A pressure throbbed in Karen’s forehead. “I don’t know what to do with this, Ty.”

“I had my contacts trace the name,” he said. “It’s a free Internet site, Karen. Hotmail. There’s no name registered against it, just a post-office box out of St. Maarten. In the Caribbean.”

Karen held her breath and nodded.

“The P.O. box was registered under the name of Steven Hanson.”

“Hanson?” Karen looked anxious.

“Does it mean anything to you?”

“No.”

Hauck shrugged. “No reason it should. But it did strike something in me. I checked it back against the list we got from Mustang World.” He handed her another sheet. “Look, there’s an S. Hanson right here. No address, but a P.O. box. This one’s in St. Kitts.”

“That doesn’t prove it’s him,” Karen said. “Only someone who’s interested in the same kind of cars—from down there. Lots of people might be.”

“Who’s keeping an awfully low profile, Karen. Post-office boxes, assumed names. I did a credit check on the name down there, and you know what came back? Nothing.”

“That still doesn’t mean it’s Charles!” Her voice carried an edge of desperation in it. “Why? Why are you doing this, Ty? Why did you quit your job?” She came back to the couch and sat down on the arm, staring at him. “What’s in it for you? Why the hell are you making me face this?”

“Karen…” He put his hand on her knee and gently squeezed.

“No!” She pulled away.

His deep-set eyes were unwavering, and for a second she thought she might just start to cry. She wanted him to hold her.

“You said there was an e-mail address?”

“Yeah.
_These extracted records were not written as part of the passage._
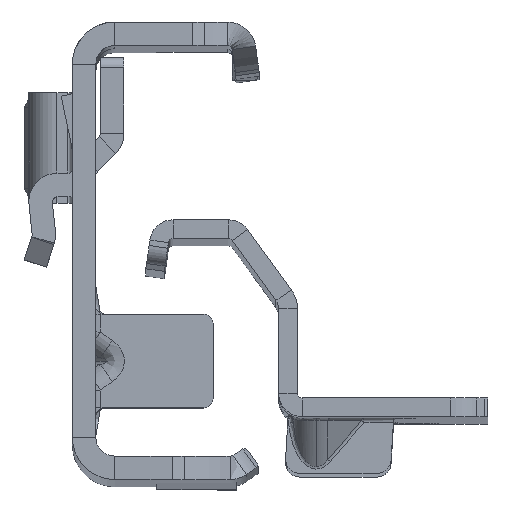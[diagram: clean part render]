
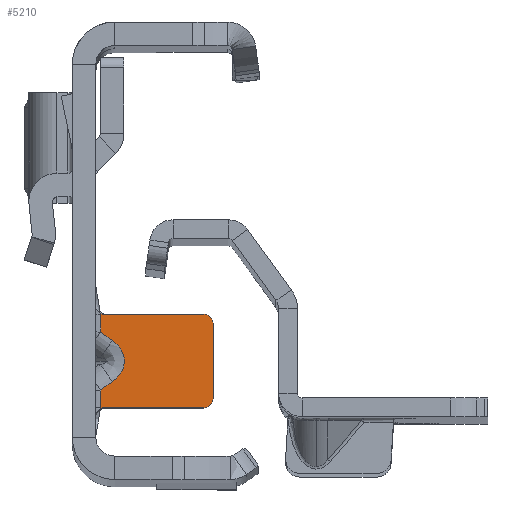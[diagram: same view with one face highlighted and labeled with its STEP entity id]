
A CAD part, top view. The second image highlights one B-rep face of the part: STEP entity #5210.
In plain terms, the highlighted planar face has unit normal (0, 0, 1).
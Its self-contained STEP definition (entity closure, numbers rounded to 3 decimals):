
#544 = DIRECTION ( 'NONE',  ( 0., 1., 0. ) ) ;
#569 = PLANE ( 'NONE',  #14832 ) ;
#904 = DIRECTION ( 'NONE',  ( 0., -1., 0. ) ) ;
#1057 = VECTOR ( 'NONE', #6133, 1000. ) ;
#1367 = VERTEX_POINT ( 'NONE', #8578 ) ;
#2369 = ORIENTED_EDGE ( 'NONE', *, *, #10969, .F. ) ;
#2421 = CARTESIAN_POINT ( 'NONE',  ( 0.5, 22.3, -441.5 ) ) ;
#2520 = CARTESIAN_POINT ( 'NONE',  ( 0.5, -7.519, -441.5 ) ) ;
#2580 = VERTEX_POINT ( 'NONE', #15713 ) ;
#3018 = ORIENTED_EDGE ( 'NONE', *, *, #17797, .T. ) ;
#3144 = VECTOR ( 'NONE', #10188, 1000. ) ;
#3183 = VECTOR ( 'NONE', #9244, 1000. ) ;
#3252 = DIRECTION ( 'NONE',  ( -0.816, 0.577, 0. ) ) ;
#3260 = AXIS2_PLACEMENT_3D ( 'NONE', #3752, #9398, #904 ) ;
#3635 = EDGE_CURVE ( 'NONE', #5492, #4094, #10757, .T. ) ;
#3752 = CARTESIAN_POINT ( 'NONE',  ( 11.5, -6.6, -441.5 ) ) ;
#4070 = VERTEX_POINT ( 'NONE', #10731 ) ;
#4094 = VERTEX_POINT ( 'NONE', #5459 ) ;
#4406 = LINE ( 'NONE', #11562, #14945 ) ;
#4533 = CARTESIAN_POINT ( 'NONE',  ( -1.826, -15.6, -441.5 ) ) ;
#4610 = VERTEX_POINT ( 'NONE', #7246 ) ;
#4765 = DIRECTION ( 'NONE',  ( 0., 0., -1. ) ) ;
#5117 = VECTOR ( 'NONE', #3252, 1000. ) ;
#5179 = ORIENTED_EDGE ( 'NONE', *, *, #18150, .F. ) ;
#5210 = ADVANCED_FACE ( 'NONE', ( #13268 ), #569, .F. ) ;
#5345 = CARTESIAN_POINT ( 'NONE',  ( 0.708, -15.6, -441.5 ) ) ;
#5396 = DIRECTION ( 'NONE',  ( 0., 0., 1. ) ) ;
#5459 = CARTESIAN_POINT ( 'NONE',  ( 12.5, -6.6, -441.5 ) ) ;
#5492 = VERTEX_POINT ( 'NONE', #16988 ) ;
#5927 = VERTEX_POINT ( 'NONE', #16112 ) ;
#6100 = ORIENTED_EDGE ( 'NONE', *, *, #3635, .T. ) ;
#6133 = DIRECTION ( 'NONE',  ( 1., 0., 0. ) ) ;
#6972 = DIRECTION ( 'NONE',  ( 0., 1., 0. ) ) ;
#7149 = CARTESIAN_POINT ( 'NONE',  ( 3.573, -11.508, -441.5 ) ) ;
#7209 = CARTESIAN_POINT ( 'NONE',  ( -1.826, -15.6, -441.5 ) ) ;
#7246 = CARTESIAN_POINT ( 'NONE',  ( 0.5, -5.6, -441.5 ) ) ;
#7620 = EDGE_CURVE ( 'NONE', #5927, #11209, #18564, .T. ) ;
#7906 = EDGE_CURVE ( 'NONE', #4070, #4610, #8835, .T. ) ;
#7974 = CARTESIAN_POINT ( 'NONE',  ( 11.5, -15.6, -441.5 ) ) ;
#8068 = EDGE_CURVE ( 'NONE', #4094, #1367, #9671, .T. ) ;
#8183 = VECTOR ( 'NONE', #6972, 1000. ) ;
#8208 = CARTESIAN_POINT ( 'NONE',  ( 1.757, -8.408, -441.5 ) ) ;
#8578 = CARTESIAN_POINT ( 'NONE',  ( 11.5, -5.6, -441.5 ) ) ;
#8698 = EDGE_CURVE ( 'NONE', #11209, #15399, #9163, .T. ) ;
#8835 = LINE ( 'NONE', #17352, #9353 ) ;
#8869 = LINE ( 'NONE', #17753, #3183 ) ;
#9163 = LINE ( 'NONE', #11589, #5117 ) ;
#9227 = VERTEX_POINT ( 'NONE', #13726 ) ;
#9244 = DIRECTION ( 'NONE',  ( 0., 1., 0. ) ) ;
#9284 = ORIENTED_EDGE ( 'NONE', *, *, #7906, .T. ) ;
#9353 = VECTOR ( 'NONE', #10083, 1000. ) ;
#9379 = ORIENTED_EDGE ( 'NONE', *, *, #8068, .T. ) ;
#9398 = DIRECTION ( 'NONE',  ( 0., 0., 1. ) ) ;
#9671 = CIRCLE ( 'NONE', #3260, 1. ) ;
#9754 = ORIENTED_EDGE ( 'NONE', *, *, #10653, .T. ) ;
#9933 = EDGE_CURVE ( 'NONE', #2580, #5927, #10542, .T. ) ;
#10029 = AXIS2_PLACEMENT_3D ( 'NONE', #15907, #5396, #11225 ) ;
#10041 = DIRECTION ( 'NONE',  ( -1., 0., 0. ) ) ;
#10083 = DIRECTION ( 'NONE',  ( -1., 0., 0. ) ) ;
#10188 = DIRECTION ( 'NONE',  ( 1., 0., 0. ) ) ;
#10407 = DIRECTION ( 'NONE',  ( 0., 1., 0. ) ) ;
#10542 = LINE ( 'NONE', #10728, #14265 ) ;
#10653 = EDGE_CURVE ( 'NONE', #16370, #5492, #13676, .T. ) ;
#10660 = ORIENTED_EDGE ( 'NONE', *, *, #11999, .T. ) ;
#10707 = ORIENTED_EDGE ( 'NONE', *, *, #16590, .T. ) ;
#10728 = CARTESIAN_POINT ( 'NONE',  ( 2.624, -12.179, -441.5 ) ) ;
#10731 = CARTESIAN_POINT ( 'NONE',  ( 0.708, -5.6, -441.5 ) ) ;
#10757 = LINE ( 'NONE', #16585, #11091 ) ;
#10969 = EDGE_CURVE ( 'NONE', #9227, #2580, #15789, .T. ) ;
#11091 = VECTOR ( 'NONE', #544, 1000. ) ;
#11209 = VERTEX_POINT ( 'NONE', #18174 ) ;
#11225 = DIRECTION ( 'NONE',  ( 0., 1., 0. ) ) ;
#11459 = CARTESIAN_POINT ( 'NONE',  ( 1.757, -12.792, -441.5 ) ) ;
#11519 = LINE ( 'NONE', #7209, #3144 ) ;
#11559 = CARTESIAN_POINT ( 'NONE',  ( 3.573, -9.692, -441.5 ) ) ;
#11562 = CARTESIAN_POINT ( 'NONE',  ( -1.826, -5.6, -441.5 ) ) ;
#11589 = CARTESIAN_POINT ( 'NONE',  ( 1.367, -8.131, -441.5 ) ) ;
#11999 = EDGE_CURVE ( 'NONE', #1367, #4070, #4406, .T. ) ;
#13268 = FACE_OUTER_BOUND ( 'NONE', #13395, .T. ) ;
#13395 = EDGE_LOOP ( 'NONE', ( #14480, #18365, #16885, #2369, #10707, #3018, #9754, #6100, #9379, #10660, #9284, #5179 ) ) ;
#13676 = CIRCLE ( 'NONE', #10029, 1. ) ;
#13726 = CARTESIAN_POINT ( 'NONE',  ( 0.5, -15.6, -441.5 ) ) ;
#14265 = VECTOR ( 'NONE', #17812, 1000. ) ;
#14480 = ORIENTED_EDGE ( 'NONE', *, *, #8698, .F. ) ;
#14810 = CARTESIAN_POINT ( 'NONE',  ( -7.326, 22.3, -441.5 ) ) ;
#14832 = AXIS2_PLACEMENT_3D ( 'NONE', #14810, #4765, #10407 ) ;
#14945 = VECTOR ( 'NONE', #10041, 1000. ) ;
#15399 = VERTEX_POINT ( 'NONE', #2520 ) ;
#15713 = CARTESIAN_POINT ( 'NONE',  ( 0.5, -13.681, -441.5 ) ) ;
#15789 = LINE ( 'NONE', #2421, #8183 ) ;
#15899 = LINE ( 'NONE', #4533, #1057 ) ;
#15907 = CARTESIAN_POINT ( 'NONE',  ( 11.5, -14.6, -441.5 ) ) ;
#16112 = CARTESIAN_POINT ( 'NONE',  ( 1.757, -12.792, -441.5 ) ) ;
#16370 = VERTEX_POINT ( 'NONE', #7974 ) ;
#16585 = CARTESIAN_POINT ( 'NONE',  ( 12.5, -6.6, -441.5 ) ) ;
#16590 = EDGE_CURVE ( 'NONE', #9227, #17827, #11519, .T. ) ;
#16885 = ORIENTED_EDGE ( 'NONE', *, *, #9933, .F. ) ;
#16988 = CARTESIAN_POINT ( 'NONE',  ( 12.5, -14.6, -441.5 ) ) ;
#17352 = CARTESIAN_POINT ( 'NONE',  ( -1.826, -5.6, -441.5 ) ) ;
#17753 = CARTESIAN_POINT ( 'NONE',  ( 0.5, 22.3, -441.5 ) ) ;
#17797 = EDGE_CURVE ( 'NONE', #17827, #16370, #15899, .T. ) ;
#17812 = DIRECTION ( 'NONE',  ( 0.816, 0.577, 0. ) ) ;
#17827 = VERTEX_POINT ( 'NONE', #5345 ) ;
#18150 = EDGE_CURVE ( 'NONE', #15399, #4610, #8869, .T. ) ;
#18174 = CARTESIAN_POINT ( 'NONE',  ( 1.757, -8.408, -441.5 ) ) ;
#18365 = ORIENTED_EDGE ( 'NONE', *, *, #7620, .F. ) ;
#18564 =( BOUNDED_CURVE ( )  B_SPLINE_CURVE ( 3, ( #11459, #7149, #11559, #8208 ),
 .UNSPECIFIED., .F., .F. ) 
 B_SPLINE_CURVE_WITH_KNOTS ( ( 4, 4 ),
 ( 2.356, 3.927 ),
 .UNSPECIFIED. ) 
 CURVE ( )  GEOMETRIC_REPRESENTATION_ITEM ( )  RATIONAL_B_SPLINE_CURVE ( ( 1., 0.805, 0.805, 1. ) ) 
 REPRESENTATION_ITEM ( '' )  );

There is.” He reached over and handed her a slip of paper. Karen took it, her fingers shaking.

Oilman0716@hotmail.com.

She read it over a couple of times, the truth slowly sinking in. Then she looked up at him with a half smile, as if stung, wounded.

“Oilman…” She sniffled, feeling lifted for a second, and at the same time let down.

A moist film burned in her eye.

“It’s him.” She nodded. “That’s Charlie.”

“You’re sure?”

“Yeah, I’m sure.” She exhaled, as if fortifying herself against the dam burst of tears about to come down. “That number, 0716—we always used it for our passwords. That’s our anniversary—July sixteenth…. The date we were married. In 1989. That’s Charlie, Ty.”